[llvm-dev] Binary utilities: switch command line parsing from llvm::cl to OptTable (byproduct: drop -long-option?)

Fāng-ruì Sòng via llvm-dev llvm-dev at lists.llvm.org
Fri Jul 2 16:07:12 PDT 2021


On Fri, Jul 2, 2021 at 3:26 PM Fāng-ruì Sòng <maskray at google.com> wrote:

> On Fri, Jul 2, 2021 at 3:21 PM Mehdi AMINI <joker.eph at gmail.com> wrote:
>
>>
>>
>> On Fri, Jul 2, 2021 at 2:09 PM Fāng-ruì Sòng <maskray at google.com> wrote:
>>
>>> On Fri, Jul 2, 2021 at 2:03 PM Mehdi AMINI <joker.eph at gmail.com> wrote:
>>>
>>>>
>>>>
>>>> On Fri, Jul 2, 2021 at 1:27 PM Fāng-ruì Sòng <maskray at google.com>
>>>> wrote:
>>>>
>>>>> On Fri, Jul 2, 2021 at 1:10 PM Mehdi AMINI <joker.eph at gmail.com>
>>>>> wrote:
>>>>>
>>>>>>
>>>>>>
>>>>>> On Fri, Jul 2, 2021 at 12:49 PM Alexandre Ganea <
>>>>>> alexandre.ganea at ubisoft.com> wrote:
>>>>>>
>>>>>>> The API benefits sound nice, though presumably some could be
>>>>>>> retrofitted to cl::opt if that was the only goal. Side benefits in addition
>>>>>>> to removing global ctors are nice to have.
>>>>>>>
>>>>>>>
>>>>>>> The drawback is some initial boilerplate (e.g. llvm-tblgen
>>>>>>> -gen-opt-parser-defs in CMakeLists.txt, class NmOptTable in code).
>>>>>>>
>>>>>>> The handling of comma separated options -arch=x86_64,arm64 doesn't
>>>>>>> have direct OptTable support. llvm::SplitString is needed (just search for
>>>>>>> SplitString in https://reviews.llvm.org/D105330)
>>>>>>>
>>>>>>> But this doesn't tend to increase complexity because the
>>>>>>> cl::list<std::string> will need per-value verification anyway.
>>>>>>>
>>>>>>>
>>>>>>>
>>>>>>> One potential one (though I don't recall it being discussed
>>>>>>> recently) would be that maybe this addresses the issue of global ctors in
>>>>>>> cl::opt? Does OptTable avoid/not use global constructors? That would be
>>>>>>> nice - it's an ongoing issue that LLVM library users pay for command line
>>>>>>> argument support they have no need for in the form of global ctor execution
>>>>>>> time.
>>>>>>>
>>>>>>>
>>>>>>>
>>>>>>> OptTable is used as a local variable. So yes, it avoids global
>>>>>>> constructors,
>>>>>>>
>>>>>>>
>>>>>>>
>>>>>>> Nice :)
>>>>>>>
>>>>>>>
>>>>>>>
>>>>>>> Note that MLIR is using cl::opt without global ctor (we build with
>>>>>>> `-Werror=global-constructors`).
>>>>>>>
>>>>>>>
>>>>>>>
>>>>>>> The pattern we use to write a tool with cl::opt and avoid global
>>>>>>> ctor (and can be used to avoid collision) looks like:
>>>>>>> https://github.com/llvm/llvm-project/blob/main/mlir/lib/IR/MLIRContext.cpp#L57-L83
>>>>>>>
>>>>>>>
>>>>>>>
>>>>>>> The tool that wants to expose the MLIRContext options to the command
>>>>>>> line calls registerMLIRContextCLOptions() before parsing the command line.
>>>>>>>
>>>>>>> Wouldn't this translate directly to LLVM tools as well with some
>>>>>>> minor refactoring?
>>>>>>>
>>>>>>>
>>>>>>>
>>>>>>> The same applies to all of the infrastructure in MLIR, passes are
>>>>>>> registered explicitly, etc. This decouples the "is this code linked in"

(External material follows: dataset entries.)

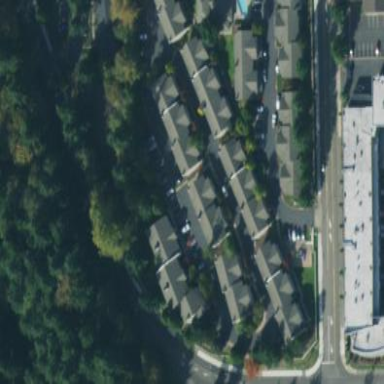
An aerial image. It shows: Residential neighbourhood.
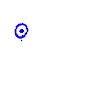
Particle: proton
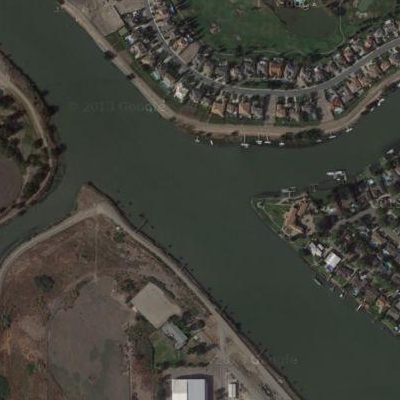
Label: RiverLake

>>>>>>> from "options are loaded" annoying part of the global constructors.
>>>>>>>
>>>>>>>
>>>>>>>
>>>>>>> --
>>>>>>>
>>>>>>> Mehdi
>>>>>>>
>>>>>>>
>>>>>>>
>>>>>>> *[Alexandre Ganea] *I think one other issue with cl::opt is that it
>>>>>>> aggregates the “command-line argument definition” and the “runtime
>>>>>>> parameter” *de facto* in a single object (unless cl::location is
>>>>>>> manually specified to every cl::opt). What MLIR does solves the issue
>>>>>>> mentioned by David, the fact that every tool pulls/initializes every
>>>>>>> cl::opt out there. However OptTable solves both problems, and makes the
>>>>>>> entry point thread-safe.
>>>>>>>
>>>>>>>
>>>>>>>
>>>>>>
>>>>>> I agree that removing the global state would be great!

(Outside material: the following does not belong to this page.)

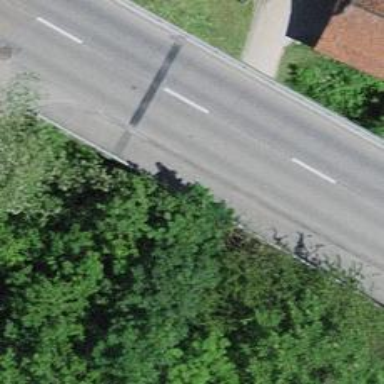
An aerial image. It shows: Footway passing through tunnel.
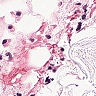
Metastatic tissue present: no

>>>>>> Right now what I see proposed with OptTable (like
>>>>>> https://reviews.llvm.org/D104889) seems to just address the
>>>>>> tools-specific options, and the value isn't clear to me for these cases,
>>>>>> since these options aren't exposed through library entry points.
>>>>>> I don't quite get right now how OptTable would compose at the LLVM
>>>>>> scale? Are there examples of libraries exposing pluggable hooks for a tool
>>>>>> to aggregate multiple libraries' options and expose them on the command
>>>>>> line?
>>>>>>
>>>>>>
>>>>> The first message listed:
>>>>>
>>>>> * -t=d is removed (equal sign after a short option). Use -t d instead.
>>>>> * --demangle=0 (=0 to disable a boolean option) is removed. Omit the
>>>>> option or use --no-demangle instead.
>>>>> * To support boolean options (e.g. --demangle --no-demangle), we don't
>>>>> need to compare their positions (if (NoDemangle.getPosition() >
>>>>> Demangle.getPosition()) , see llvm-nm.cpp)
>>>>> * grouped short options can be specified with one line
>>>>> `setGroupedShortOptions`, instead of adding cl::Grouping to every short
>>>>> options.
>>>>> * We don't need to add cl::cat to every option and call
>>>>> `HideUnrelatedOptions` to hide unrelated options from --help. The issue
>>>>> would happen with cl::opt tools if linker garbage collection is disabled or
>>>>> libLLVM-13git.so is used. (See https://reviews.llvm.org/D104363)
>>>>>
>>>>> To me *these points are all usability issues of cl::opt*. I care
>>>>> about not exposing unnecessary interfaces so cl::opt accepting the weird
>>>>> -t=d looks a downside to me.
>>>>>
>>>>> --demangle=0 is weird and some llvm/llvm/test tests do use cl::opt
>>>>> options this way, so we cannot just remove this usage. As a workaround, we
>>>>> could add a cl::foobar_toggle to a cl::opt to disallow =0.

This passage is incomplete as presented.